Set the breaks!

Last month I was trying to make a figure in ggplot in which the legend did not include certain elements present in the plot. I though it would be straightforward, but I was wrong.

This is my actual search history from that day:

ggplot2 omit legend element
tidyverse ggplot legend guide
ggplot remove legend element
ggplot2 remove legend item
ggplot r exclude from legend
extra legend elements ggplot2
remove legend portion ggplot
tidyverse legend guide
Ctenomys leucodon
r suppress legend factor
ggplot legends cookbook

None of the search results seemed to point me in the right direction, and after not getting anywhere I decided to ask on Twitter:

Several knowledgeable and helpful people suggested using separate geoms and drawing the legend from a geom that excluded the data for the unwanted legend element.

That made sense, and I would have totally gone for that approach If I hadn’t been working with a fancy ggtree geom that I couldn’t easily duplicate. Otherwise I could have edited the legend manually in a graphics program as a last resort.

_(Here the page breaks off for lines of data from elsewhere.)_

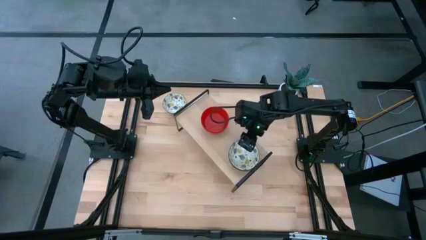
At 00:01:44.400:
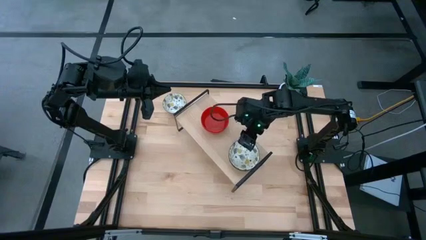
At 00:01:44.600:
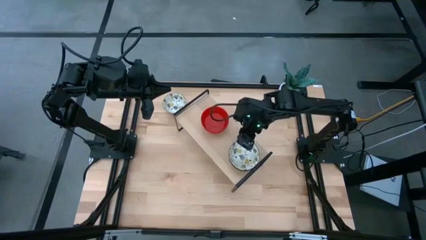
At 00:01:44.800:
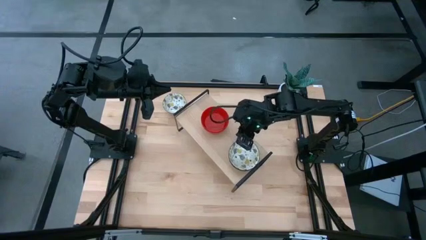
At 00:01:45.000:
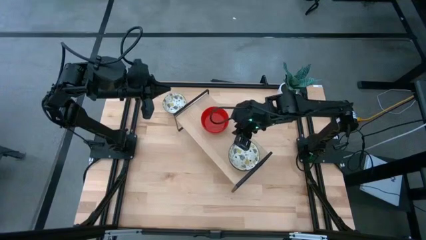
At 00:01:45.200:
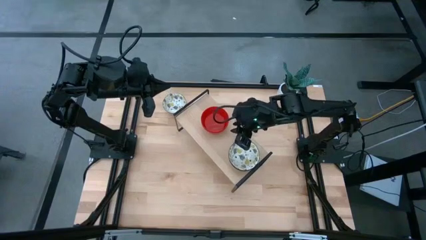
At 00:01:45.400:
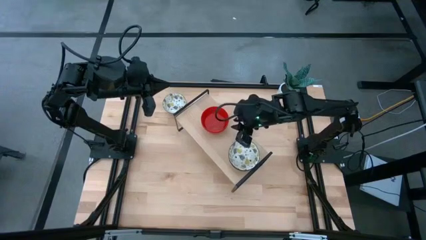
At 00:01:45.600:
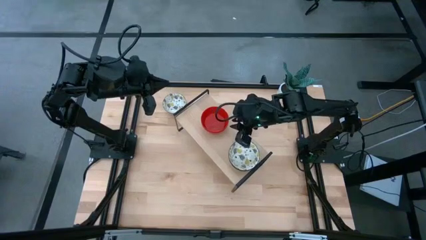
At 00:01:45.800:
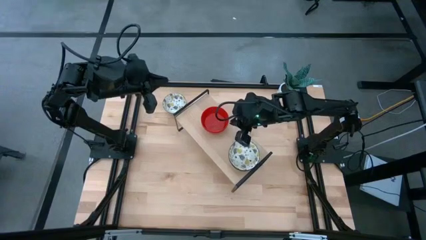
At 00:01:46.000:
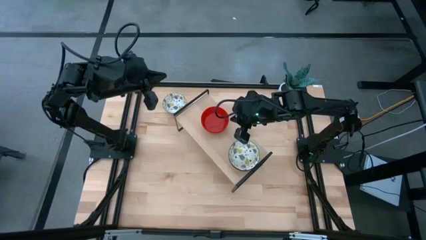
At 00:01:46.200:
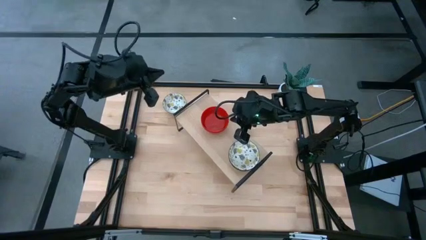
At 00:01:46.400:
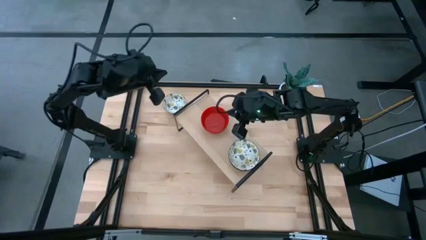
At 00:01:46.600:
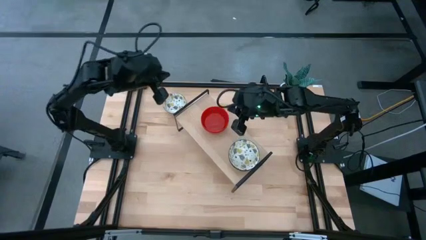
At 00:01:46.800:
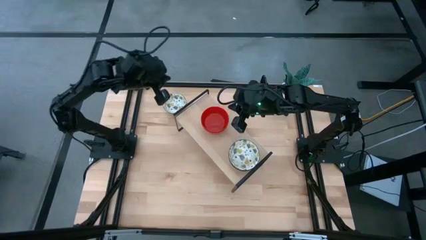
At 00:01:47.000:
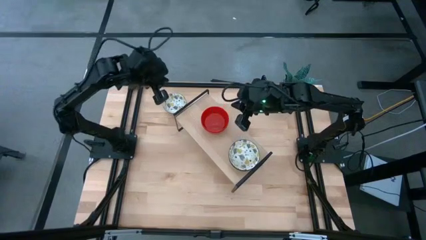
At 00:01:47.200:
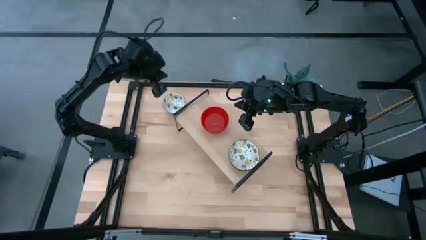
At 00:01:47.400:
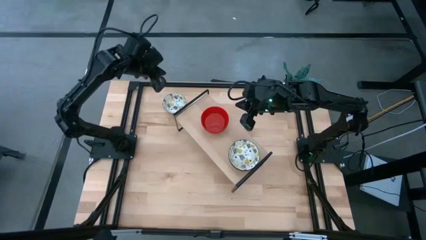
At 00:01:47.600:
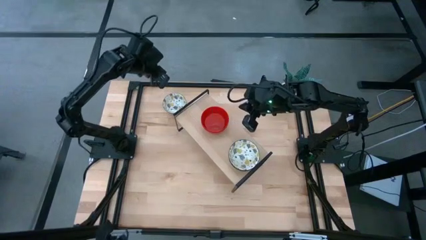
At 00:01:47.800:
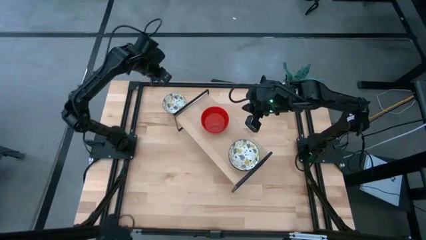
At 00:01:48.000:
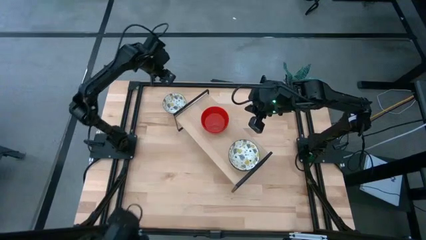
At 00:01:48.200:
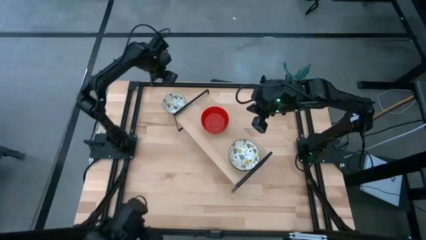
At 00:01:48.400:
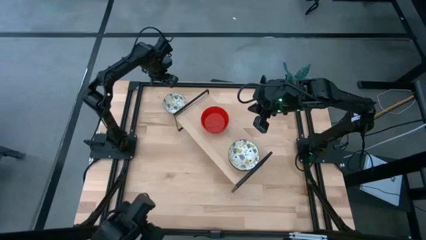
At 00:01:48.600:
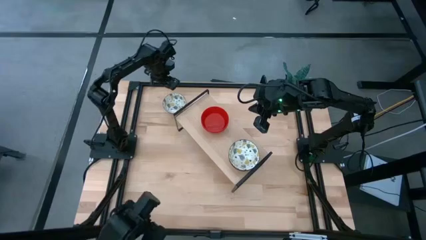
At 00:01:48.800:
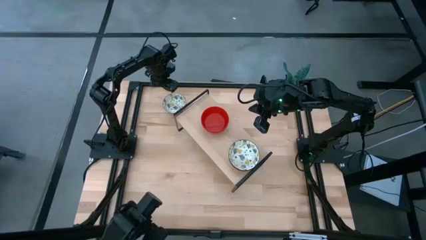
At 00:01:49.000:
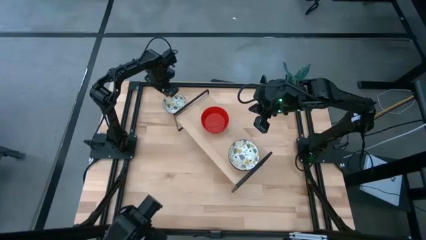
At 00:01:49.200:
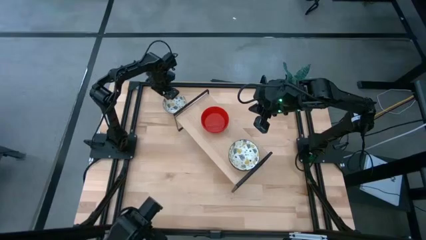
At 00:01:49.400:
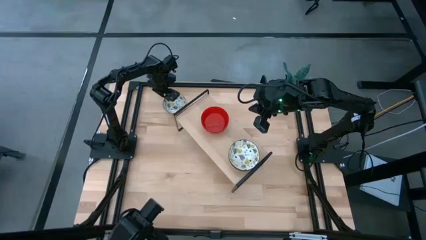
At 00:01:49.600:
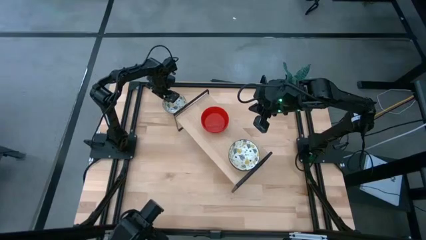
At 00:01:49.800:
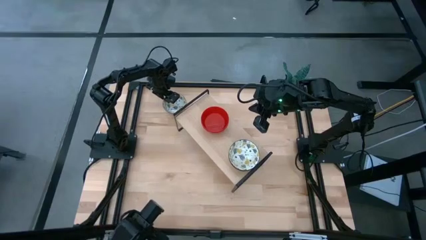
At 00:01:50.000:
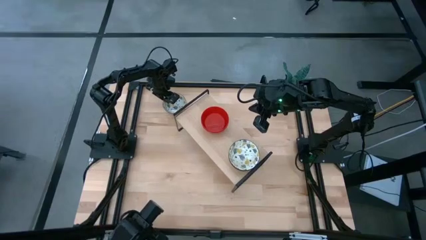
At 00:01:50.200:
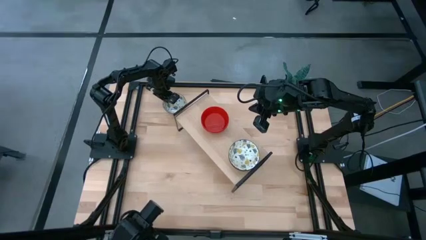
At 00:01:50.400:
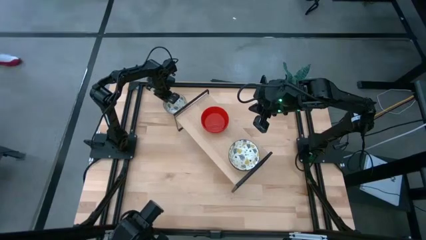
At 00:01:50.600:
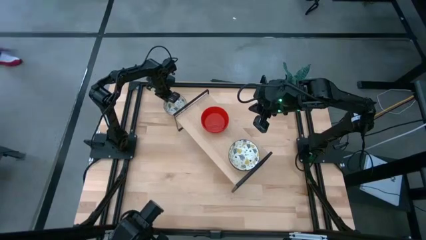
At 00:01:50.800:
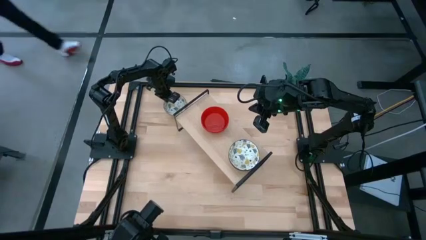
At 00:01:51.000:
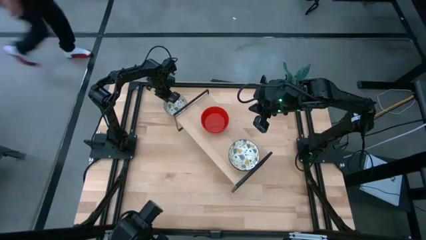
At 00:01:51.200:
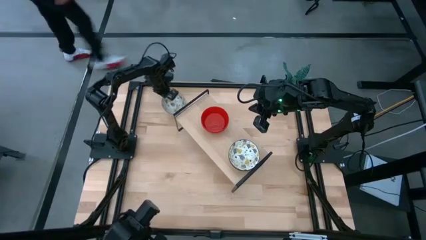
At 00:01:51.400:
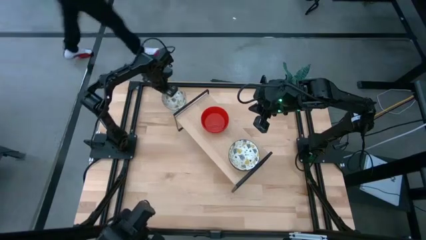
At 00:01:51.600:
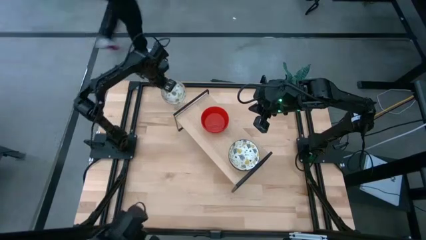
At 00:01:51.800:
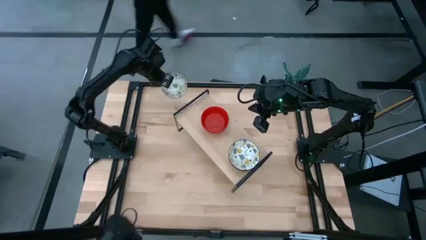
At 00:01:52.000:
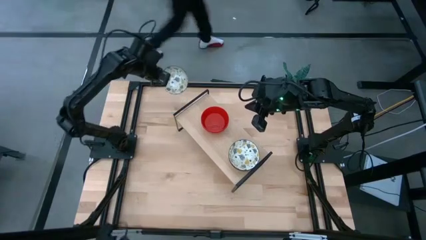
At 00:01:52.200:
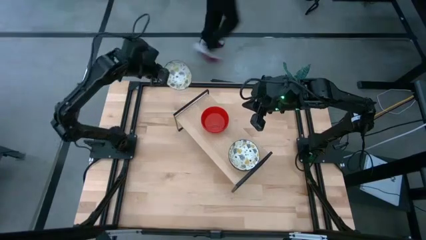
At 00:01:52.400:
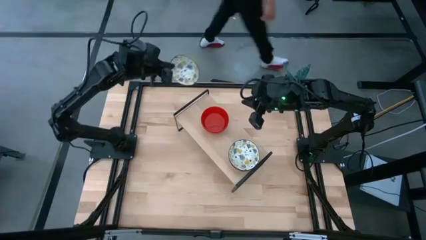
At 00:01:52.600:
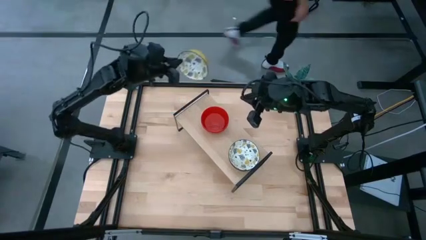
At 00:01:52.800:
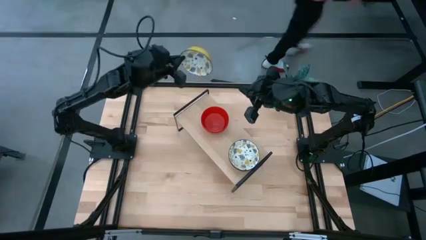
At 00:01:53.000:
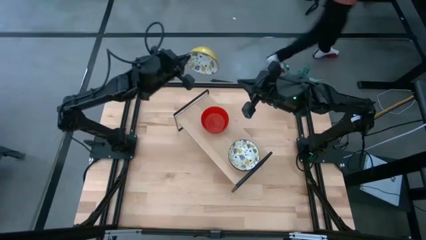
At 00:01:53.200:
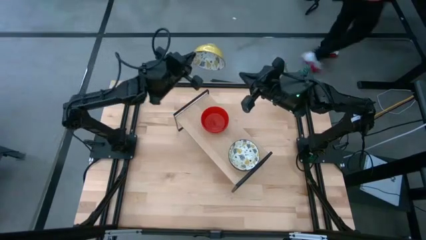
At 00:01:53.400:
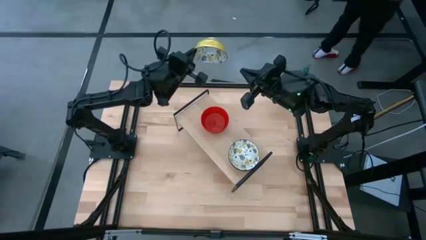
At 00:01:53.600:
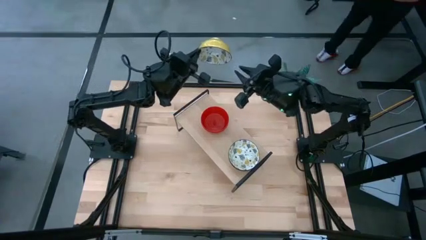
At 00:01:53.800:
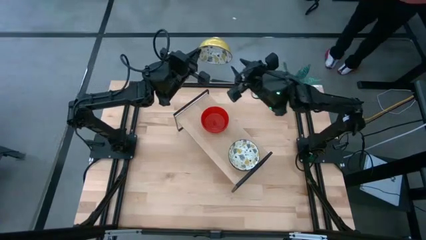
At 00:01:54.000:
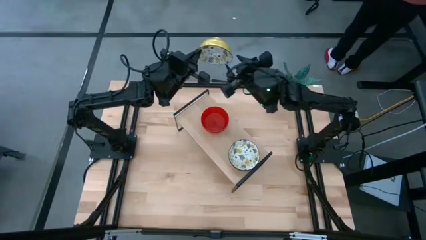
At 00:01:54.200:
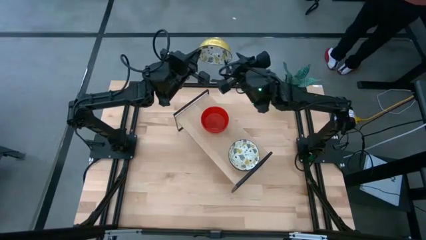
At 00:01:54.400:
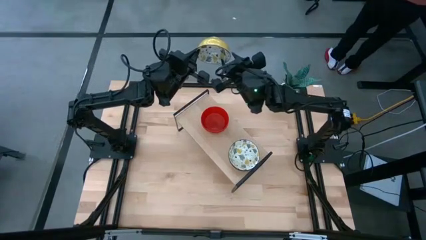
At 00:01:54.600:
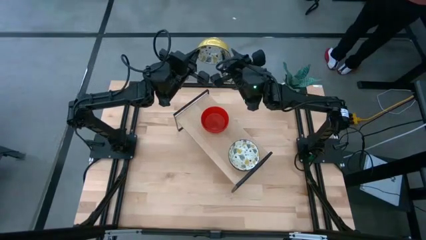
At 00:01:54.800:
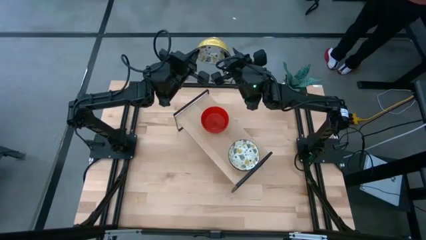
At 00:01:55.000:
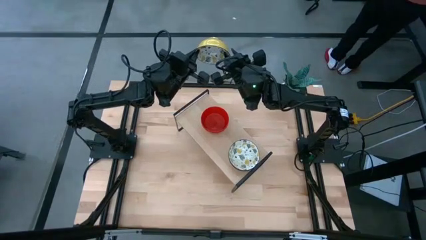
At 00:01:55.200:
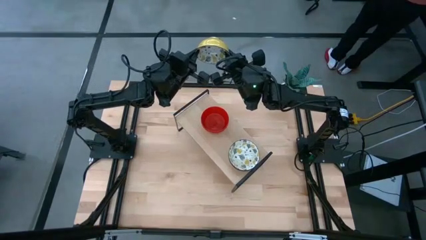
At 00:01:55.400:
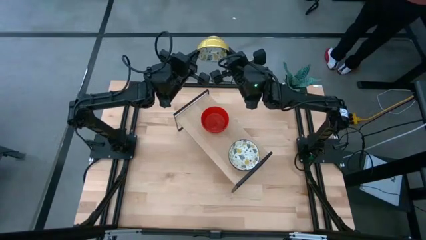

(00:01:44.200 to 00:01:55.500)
Task: Pick & Place Mini bowls
Stack the white patterned bowl on top of the other white patterned bowls on the shelf

Luckily, Hadley Wickham solved my question with this three-word tweet:

It looks like the breaks argument that goes into the scale_*_ functions (fill, colour, linetype, shape, etc.) can not only be used to reorder items in the legend, but also to exclude them. I guess it rarely makes sense to have things on a plot with no corresponding legend entry, but I’m posting this to document this use-case and behavior of setting the breaks. Various other ggplot users were unaware of this, so I don’t feel too silly writing this post.

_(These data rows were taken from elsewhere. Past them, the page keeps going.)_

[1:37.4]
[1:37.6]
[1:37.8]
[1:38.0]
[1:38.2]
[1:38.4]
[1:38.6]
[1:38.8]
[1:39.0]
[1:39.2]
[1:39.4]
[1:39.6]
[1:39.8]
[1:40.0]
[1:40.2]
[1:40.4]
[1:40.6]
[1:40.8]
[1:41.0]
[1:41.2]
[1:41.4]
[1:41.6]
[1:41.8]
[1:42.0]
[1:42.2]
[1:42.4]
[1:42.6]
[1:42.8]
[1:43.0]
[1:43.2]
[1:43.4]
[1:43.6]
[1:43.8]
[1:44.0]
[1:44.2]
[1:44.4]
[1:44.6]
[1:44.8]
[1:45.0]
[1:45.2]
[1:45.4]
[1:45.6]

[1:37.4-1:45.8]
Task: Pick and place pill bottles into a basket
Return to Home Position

The legend Guide in the official Tidyverse ggplot2 documentation does not include the terms exclude, omit, or drop. Maybe there’s a good reason for this, but in any case I was feeling emboldened by a talk I saw at RStudio::conf about contributing to the Tidyverse, so I’ve created a pull request to incorporate an example like the one below into the documentation.

Let’s try it out.

This will create the typical scatterplot of weight vs. miles per gallon for the mtcars dataset, with the type of engine shown with different colors.

library(ggplot2)

ggplot(mtcars) +
  geom_point(aes(wt, mpg,colour = factor(cyl)), size = 3)+
  scale_color_discrete(name="Cylinders")
  
4, 6, and 8 cylinders

This will generate the same plot, but excluding the six cylinder category from the items in the legend. The points are still in the plot and in this case it’s kind of weird to not show what they represent.

ggplot(mtcars) +
  geom_point(aes(wt, mpg,colour = factor(cyl)), size = 3)+
  scale_color_discrete(breaks=c(4,8), name="Cylinders")
just 4 and 8

I you’re a phylo person and use ggtree to highlight clades this will come in handy, otherwise I hope this is still a somewhat useful resource on setting breaks. I was so happy and thankful to complete my figure that I asked Hadley for a permanent reminder to set the breaks in my R4DS book.